WHY BRET WHY? Part two. Jim Ross continues asking the tough questions, starting with “Would you ever let Bret Hart come back to the WWF?” Vince would absolutely allow it, as long as Bret apologizes to him and understands that there’s “no more free shots”. Strictly from a man standpoint, you understand. Jim notes that Bret didn’t leave for the money, but Vince is proud of helping Bret sell out, and it’s not a big deal. In fact, he thinks there’s going to be a big lineup of people outside the locker room begging him to help THEM sell out, too! Well good thing he fired all those people and helped them get big contracts with AEW, then. Does Vince have any regrets? Yes, he regrets that Bret didn’t do the right thing and honor the TIME HONORED TRADITION and he regrets that Shane had to watch everything happen in the locker room. And in the end, he made a tough decision that was the right one for the fans and remaining WWF wrestlers. What would Vince say to Bret right now? That Bret made a mistake that he’ll regret for the rest of his career, and hopefully they can get together again one day, and he’s sorry that a relationship was destroyed because one person forgot that it’s a business. But Vince is over it already (Yeah another 20 years of Montreal finishes say that’s probably not the case) and in the end, Bret wasn’t the best and in the end, he failed to live up to it in his final match.
Hoo boy. No wonder everyone in the world instantly turned Vince McMahon into the biggest heel in wrestling history after this interview. This was some Lex Luthor level supervillain genius.

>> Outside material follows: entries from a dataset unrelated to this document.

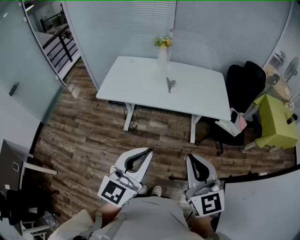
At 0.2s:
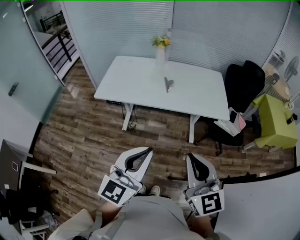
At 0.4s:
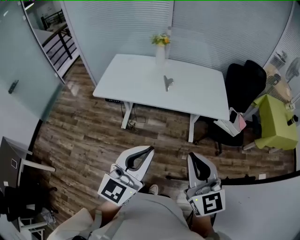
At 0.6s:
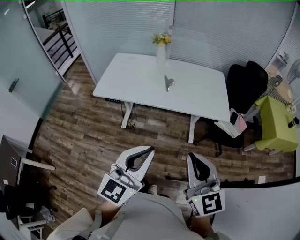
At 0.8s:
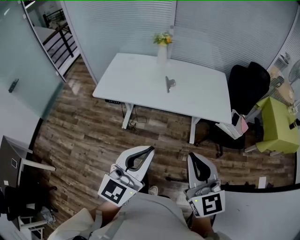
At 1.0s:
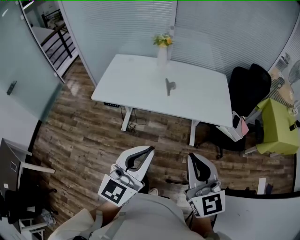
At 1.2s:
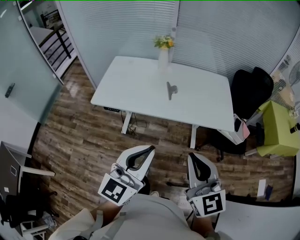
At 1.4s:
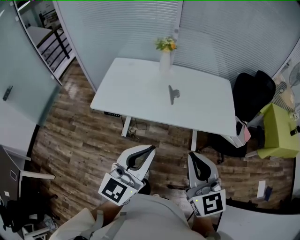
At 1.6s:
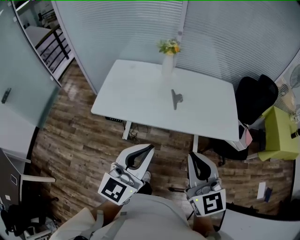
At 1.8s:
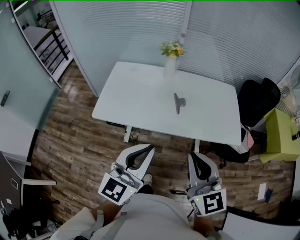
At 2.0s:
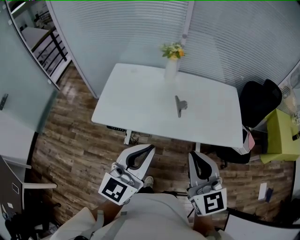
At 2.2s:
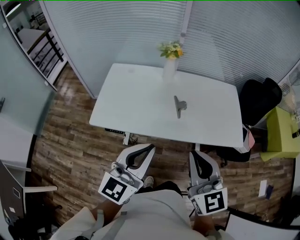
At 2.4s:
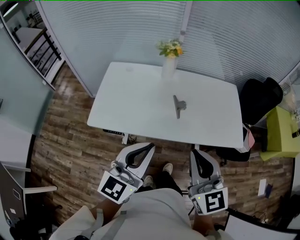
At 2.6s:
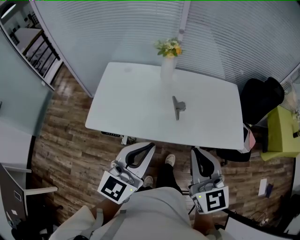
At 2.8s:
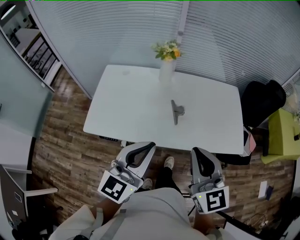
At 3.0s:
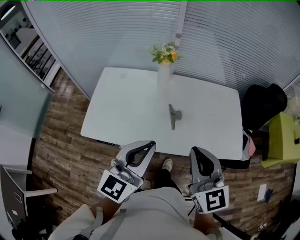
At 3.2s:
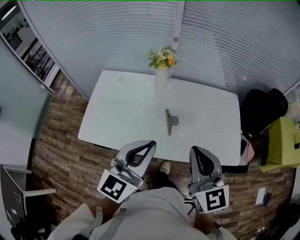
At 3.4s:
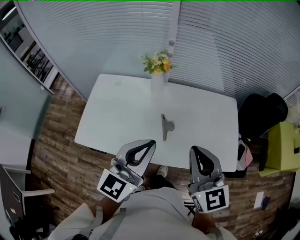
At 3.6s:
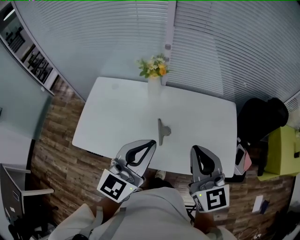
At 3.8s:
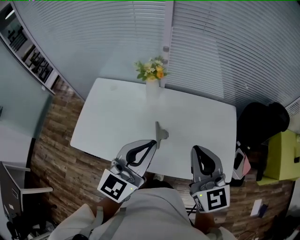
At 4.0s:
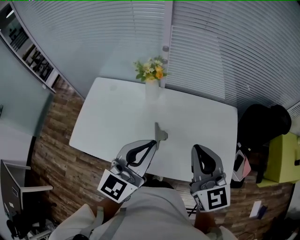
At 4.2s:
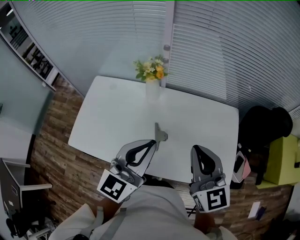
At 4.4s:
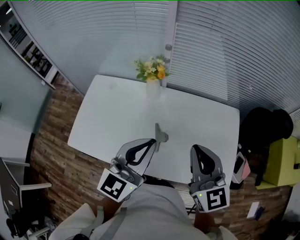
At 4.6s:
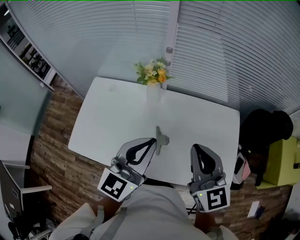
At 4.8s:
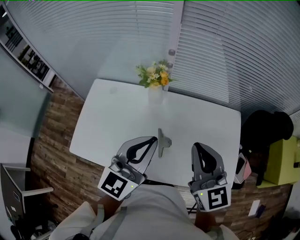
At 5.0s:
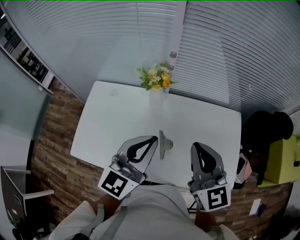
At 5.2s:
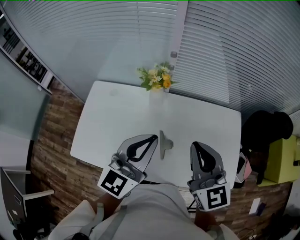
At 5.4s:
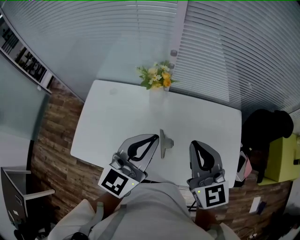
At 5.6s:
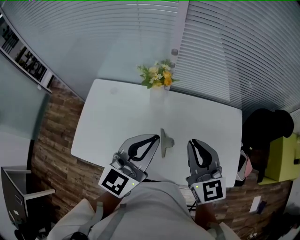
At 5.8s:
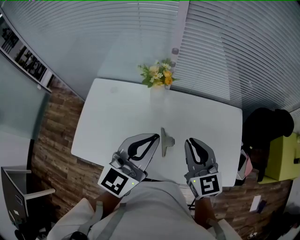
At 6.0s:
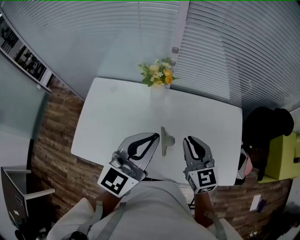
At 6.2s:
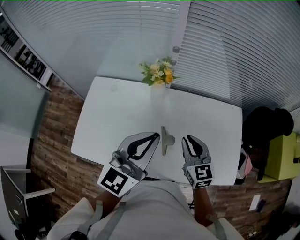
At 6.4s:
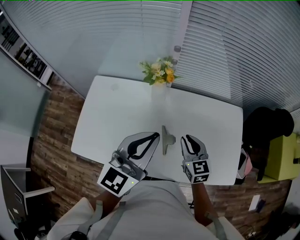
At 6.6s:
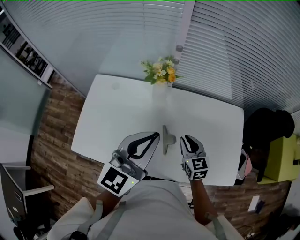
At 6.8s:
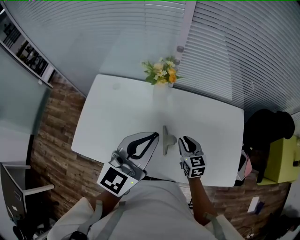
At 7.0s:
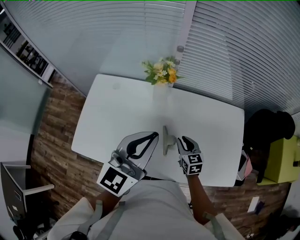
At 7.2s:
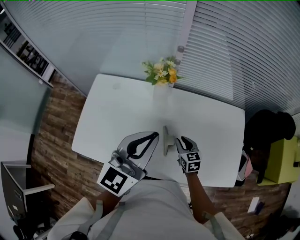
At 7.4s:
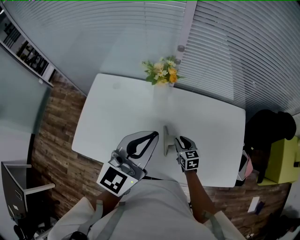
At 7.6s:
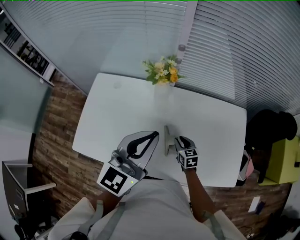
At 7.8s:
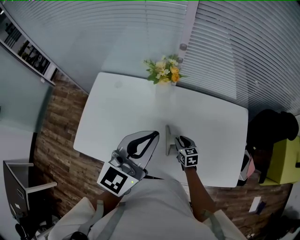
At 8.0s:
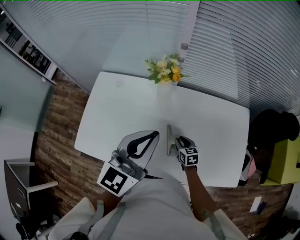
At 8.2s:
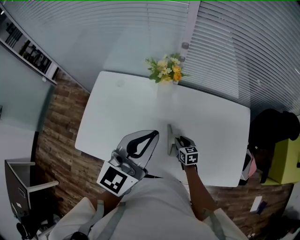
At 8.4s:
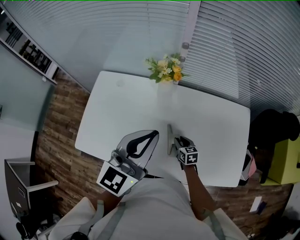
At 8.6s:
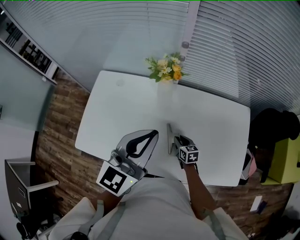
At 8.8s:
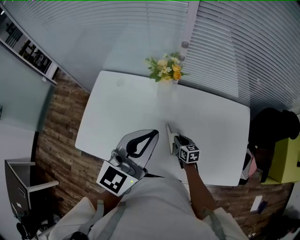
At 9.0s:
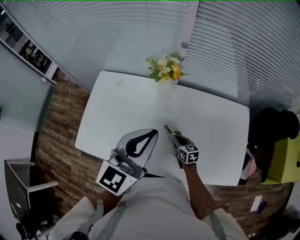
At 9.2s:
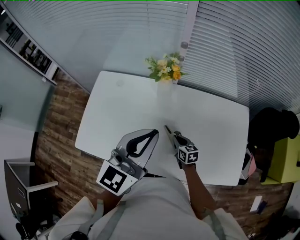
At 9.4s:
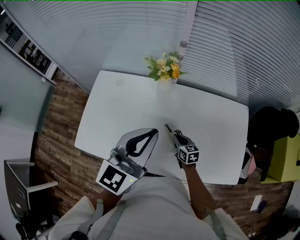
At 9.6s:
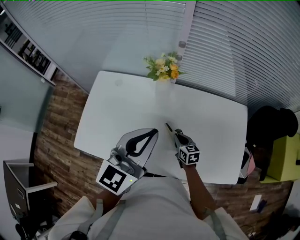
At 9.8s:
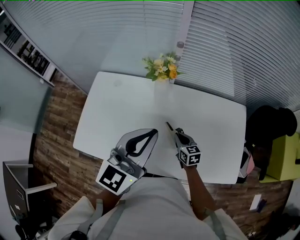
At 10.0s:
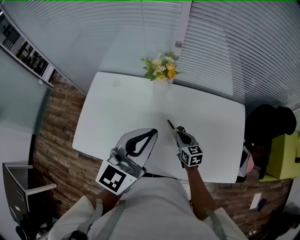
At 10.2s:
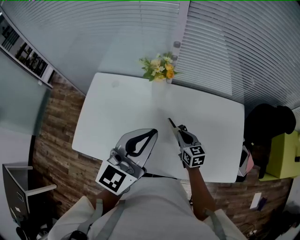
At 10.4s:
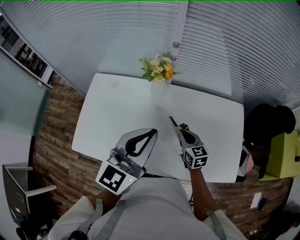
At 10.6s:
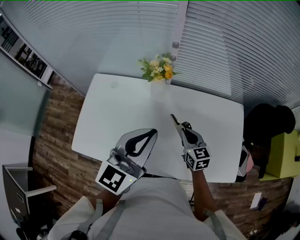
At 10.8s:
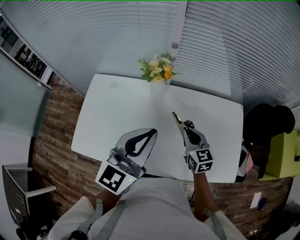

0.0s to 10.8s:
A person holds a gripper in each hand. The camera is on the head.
0.0s to 1.6s: Both grippers move forward, roughly 20 cm.
1.6s to 3.0s: The grippers both shift forward by approximately 20 cm.
3.0s to 4.6s: The grippers both shift forward and to the right by approximately 20 cm.
4.6s to 6.2s: The right gripper is displaced downward by some 15 cm.
6.2s to 7.8s: The right gripper heads downward, covering about 25 cm, and turns by about 20 degrees.
7.8s to 9.2s: The right gripper closes up.
9.2s to 10.8s: The right gripper is displaced upward by some 20 cm, and rotates some 20 degrees.

The Man They Call Vader v. The Artist Formerly Known as Goldust
Goldust is now painting his face like a checkerboard and coming to the ring in pajamas and slippers while wearing a giant cast and sling on his arm. And he’s got a doctor’s note! And of course he pulls a hammer out of his sling and knocks out Vader before walking off.
This show is…something.
Commissioner Slaughter joins us again, talking about how he gave up his combat fatigues and took an office job, but now DX has crossed the line with him and he’s coming out of retirement to face Hunter at the DX PPV. Gosh, facing DX on the show that’s NAMED AFTER THEM? Can’t see any problem with that. Granted this show has been so bad that maybe they should ask Hunter to book. Nah, that’s a dumb idea.
Rocky Maivia v. Dude Love
So after getting destroyed by Kane as Mankind, Mick has apparently reverted back to the Dude. Rocky does a promo before the match where he clarifies that this is a non-title match while Cornette mocks him for talking about himself in the third person. Wrong side of history on that one, Cornette. Given Mick’s protests the night before, I’m pretty sure the result here isn’t going to be in doubt. Rock works the arm, but Dude pokes him in the eye. Dude sends him to the floor, but Rock comes back in with the DDT and puts the boots to him and lays the smackdown on him in the corner. We take a break as Rock drops the PEOPLE’S ELBOW, and you can tell it’s a taped show because they cut away when he starts the windup and then returns with him dropping the elbow. So they literally cut out 5 seconds for the break. Can you IMAGINE Rock coming back today and having them go to a break in mid-Elbow? Dude makes the comeback and the Nation runs in for the DQ at 5:00. For those keeping track, that’s three DQ finishes, two non-finishes, and one actual finish in the light heavyweight tournament match that no one cared about. And then Steve Austin comes out and Rocky runs away and we’re out. *
Holy crap this show was so bad that it actually invented brand new ways to be terrible thanks to the Vince McMahon interview and Rick Rude showing up on the other channel. Is there something lower than thumbs down? Because I think we need it.